### Provided material

*** Block opens ***

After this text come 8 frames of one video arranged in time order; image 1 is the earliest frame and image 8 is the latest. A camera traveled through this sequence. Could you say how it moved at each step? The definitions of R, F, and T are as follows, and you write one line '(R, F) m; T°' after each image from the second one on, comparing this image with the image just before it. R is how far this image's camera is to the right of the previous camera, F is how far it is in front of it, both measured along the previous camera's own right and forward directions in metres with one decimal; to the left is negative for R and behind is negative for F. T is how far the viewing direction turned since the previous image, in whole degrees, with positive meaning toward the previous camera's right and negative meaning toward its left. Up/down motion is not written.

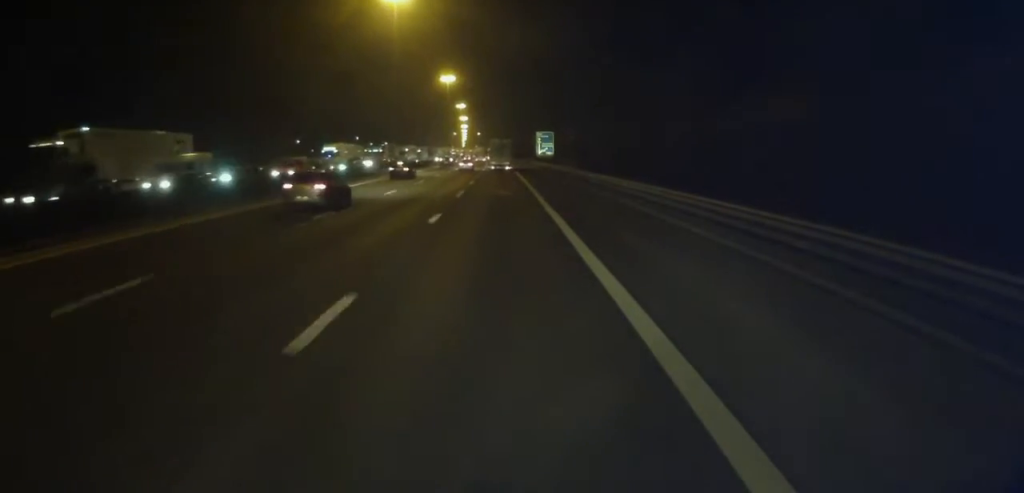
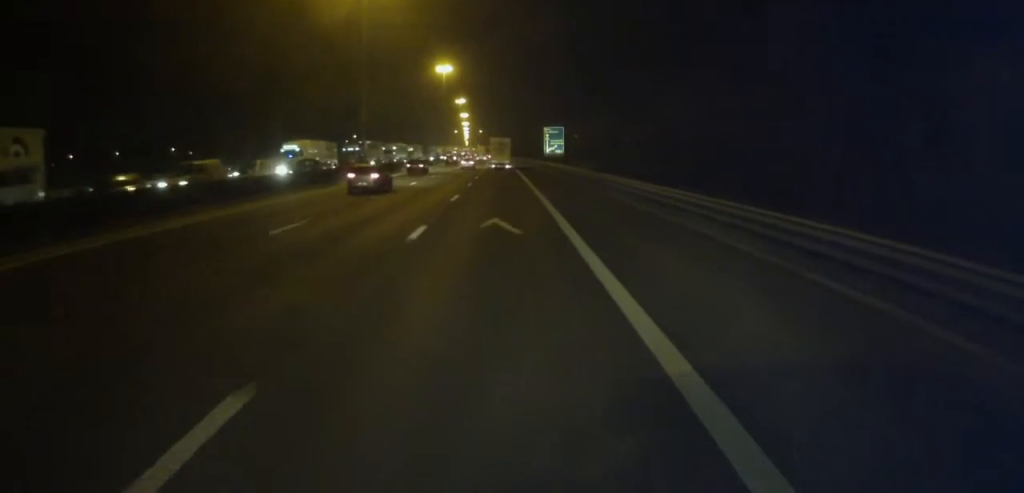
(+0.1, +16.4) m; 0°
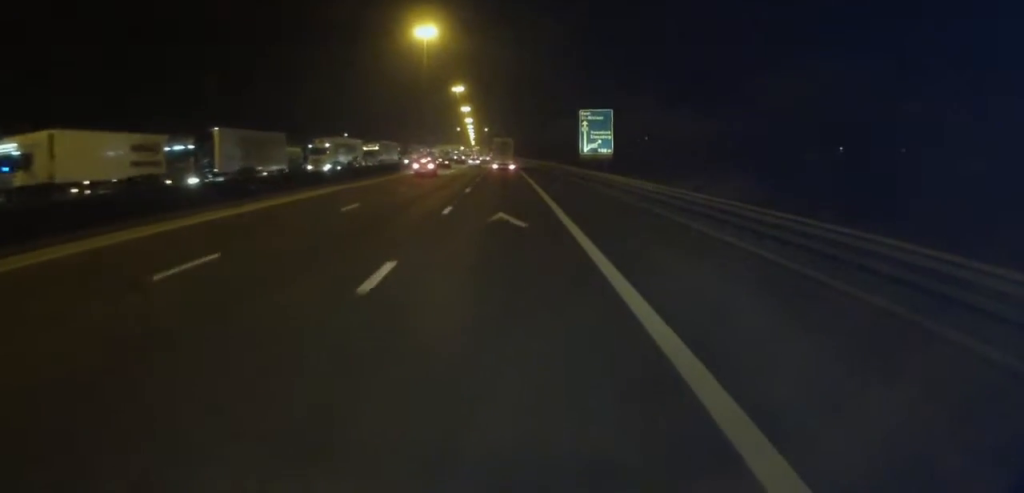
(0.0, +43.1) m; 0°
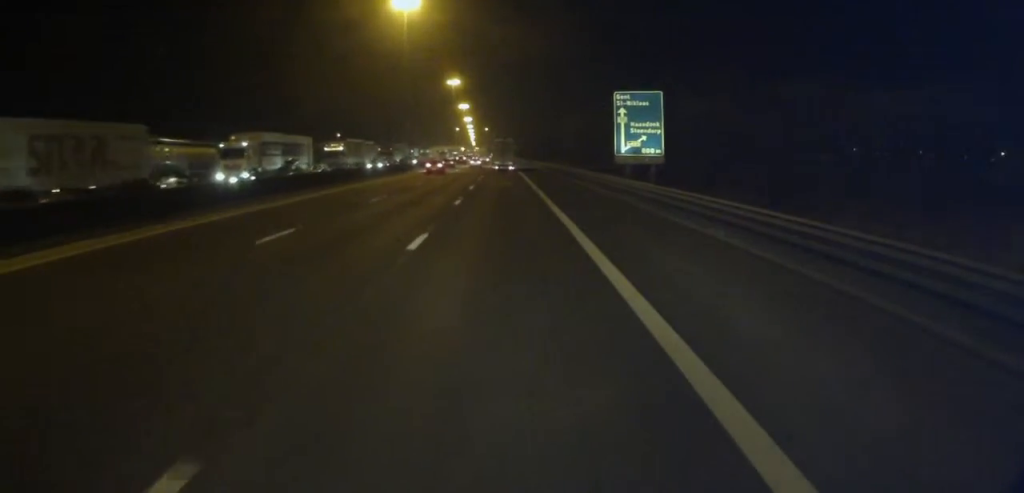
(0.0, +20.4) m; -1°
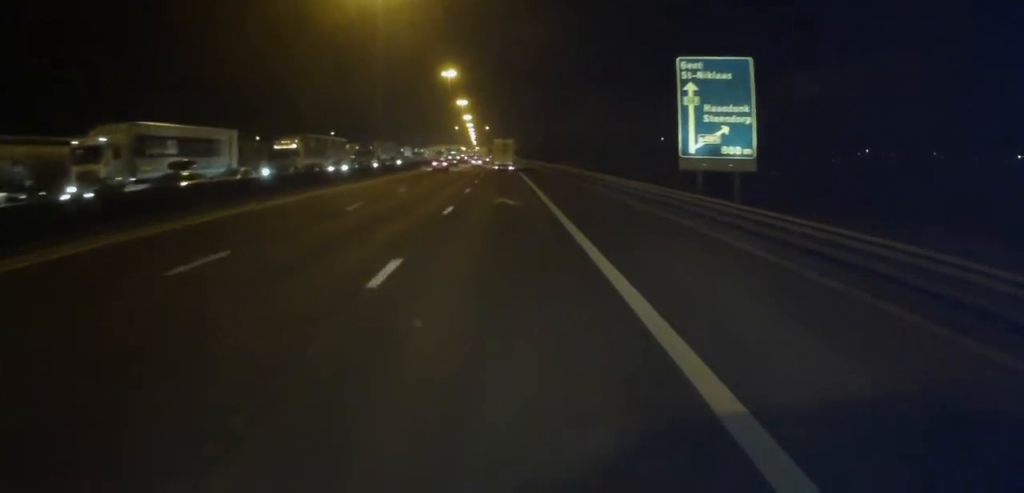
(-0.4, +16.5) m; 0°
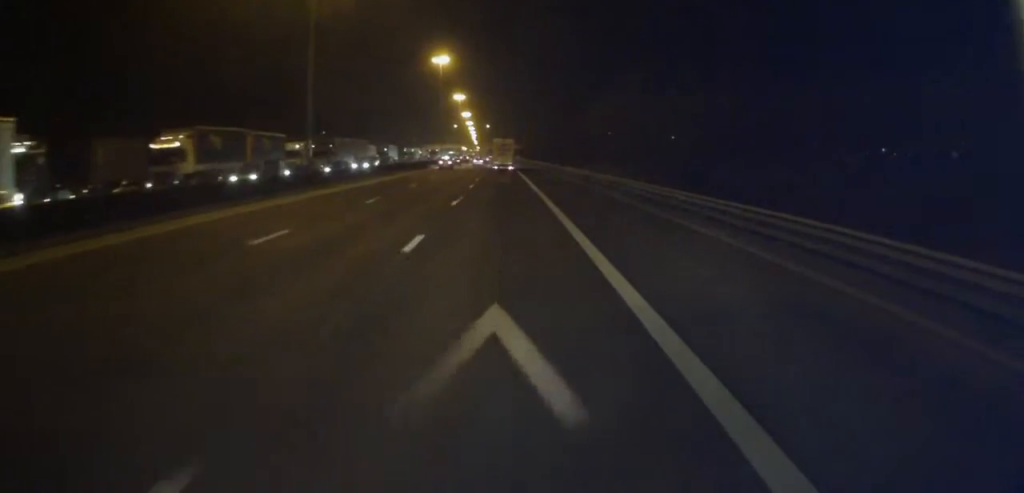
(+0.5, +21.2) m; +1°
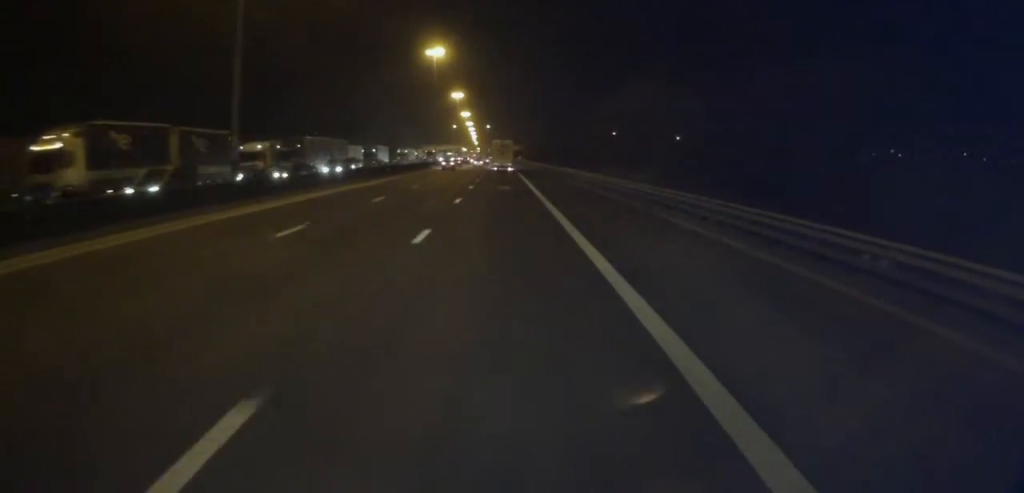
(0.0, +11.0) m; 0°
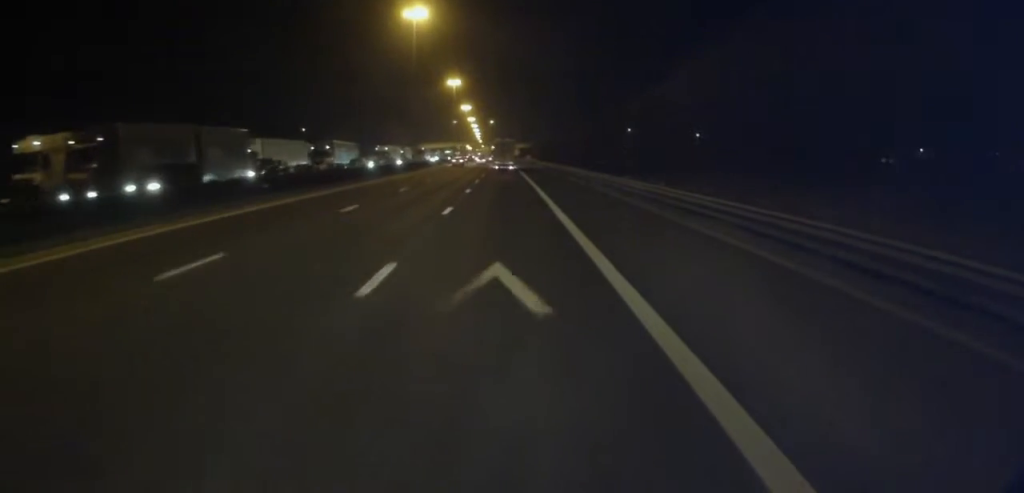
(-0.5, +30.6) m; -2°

*** Block closes ***
*** Block opens ***

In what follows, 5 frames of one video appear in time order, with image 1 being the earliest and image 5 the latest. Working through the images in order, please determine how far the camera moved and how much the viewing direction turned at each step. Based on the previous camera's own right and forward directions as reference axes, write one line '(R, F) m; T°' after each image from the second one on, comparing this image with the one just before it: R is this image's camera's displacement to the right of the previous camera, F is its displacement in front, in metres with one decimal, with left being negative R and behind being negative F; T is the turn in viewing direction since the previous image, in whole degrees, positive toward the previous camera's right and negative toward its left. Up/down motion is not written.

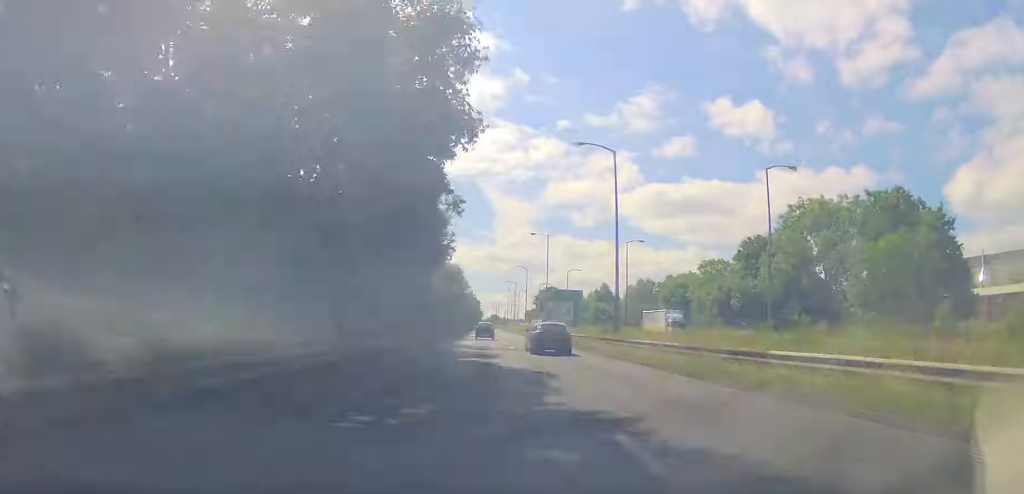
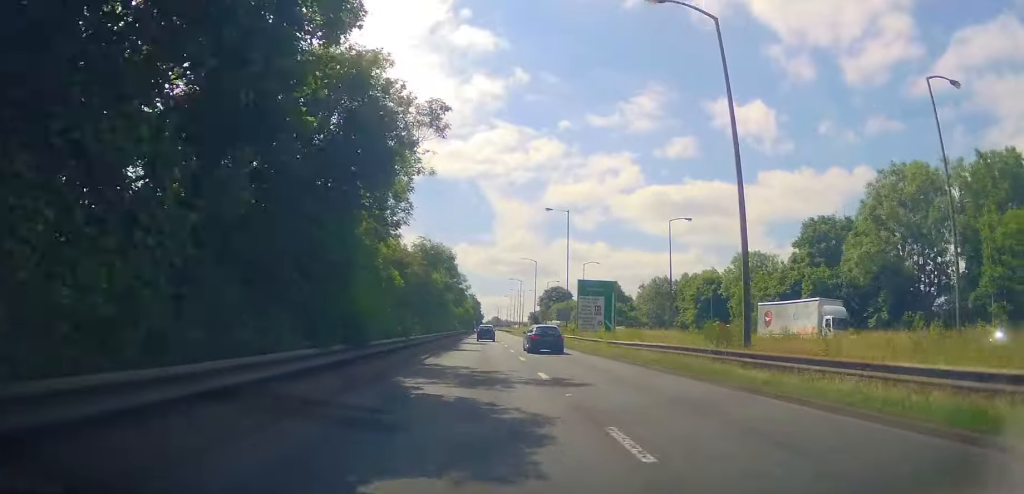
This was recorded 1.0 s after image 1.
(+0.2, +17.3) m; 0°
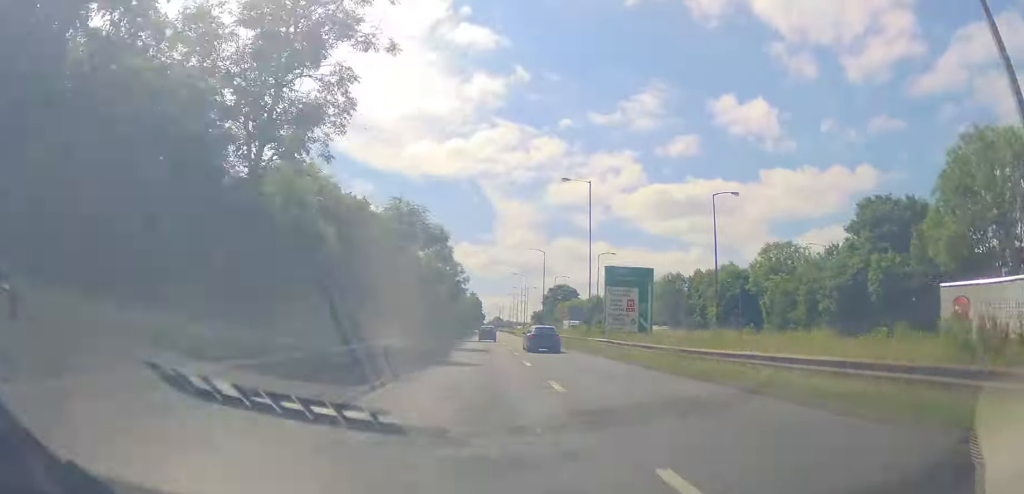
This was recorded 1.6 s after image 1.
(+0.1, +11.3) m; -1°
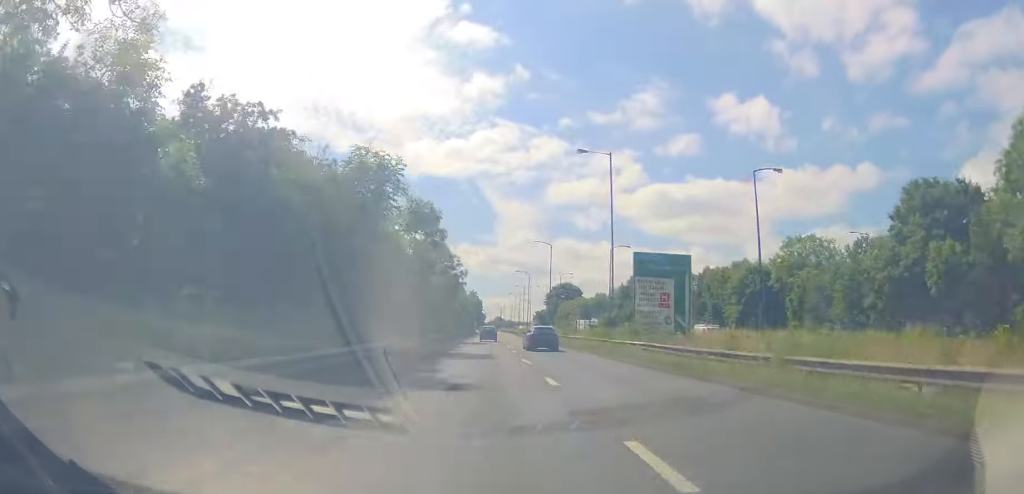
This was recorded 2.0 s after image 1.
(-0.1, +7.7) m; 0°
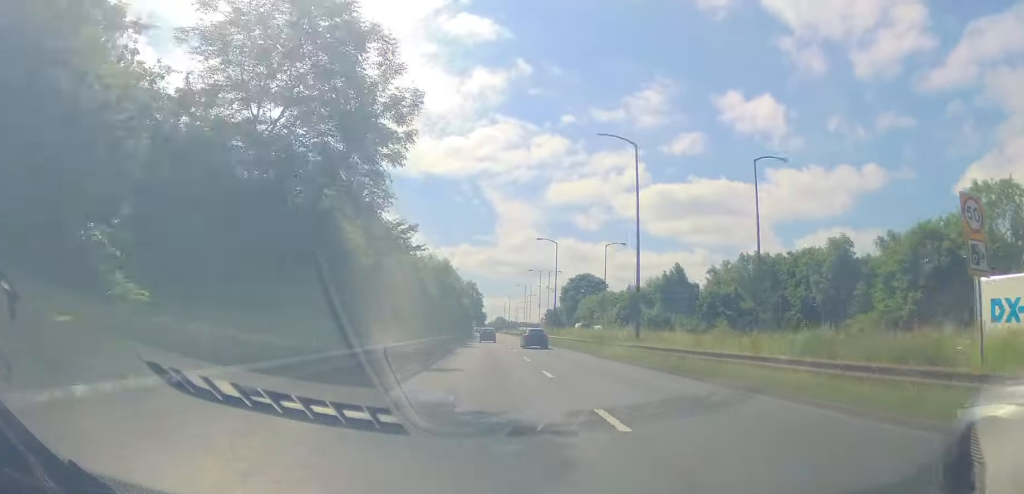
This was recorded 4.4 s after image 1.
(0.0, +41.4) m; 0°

*** Block closes ***
*** Block opens ***

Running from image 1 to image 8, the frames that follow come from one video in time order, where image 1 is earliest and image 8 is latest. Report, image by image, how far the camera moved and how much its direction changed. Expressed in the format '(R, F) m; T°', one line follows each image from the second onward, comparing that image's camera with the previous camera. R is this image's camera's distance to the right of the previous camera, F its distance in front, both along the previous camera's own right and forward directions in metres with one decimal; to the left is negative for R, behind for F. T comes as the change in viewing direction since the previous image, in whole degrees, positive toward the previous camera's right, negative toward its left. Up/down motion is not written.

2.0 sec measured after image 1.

*** Block closes ***

### Description of the task
Where the word "much" shows up in a line of the entries above, copy that line.

### Exercise answer
In what follows, 5 frames of one video appear in time order, with image 1 being the earliest and image 5 the latest. Working through the images in order, please determine how far the camera moved and how much the viewing direction turned at each step. Based on the previous camera's own right and forward directions as reference axes, write one line '(R, F) m; T°' after each image from the second one on, comparing this image with the one just before it: R is this image's camera's displacement to the right of the previous camera, F is its displacement in front, in metres with one decimal, with left being negative R and behind being negative F; T is the turn in viewing direction since the previous image, in whole degrees, positive toward the previous camera's right and negative toward its left. Up/down motion is not written.
Running from image 1 to image 8, the frames that follow come from one video in time order, where image 1 is earliest and image 8 is latest. Report, image by image, how far the camera moved and how much its direction changed. Expressed in the format '(R, F) m; T°', one line follows each image from the second onward, comparing that image's camera with the previous camera. R is this image's camera's distance to the right of the previous camera, F its distance in front, both along the previous camera's own right and forward directions in metres with one decimal; to the left is negative for R, behind for F. T comes as the change in viewing direction since the previous image, in whole degrees, positive toward the previous camera's right, negative toward its left. Up/down motion is not written.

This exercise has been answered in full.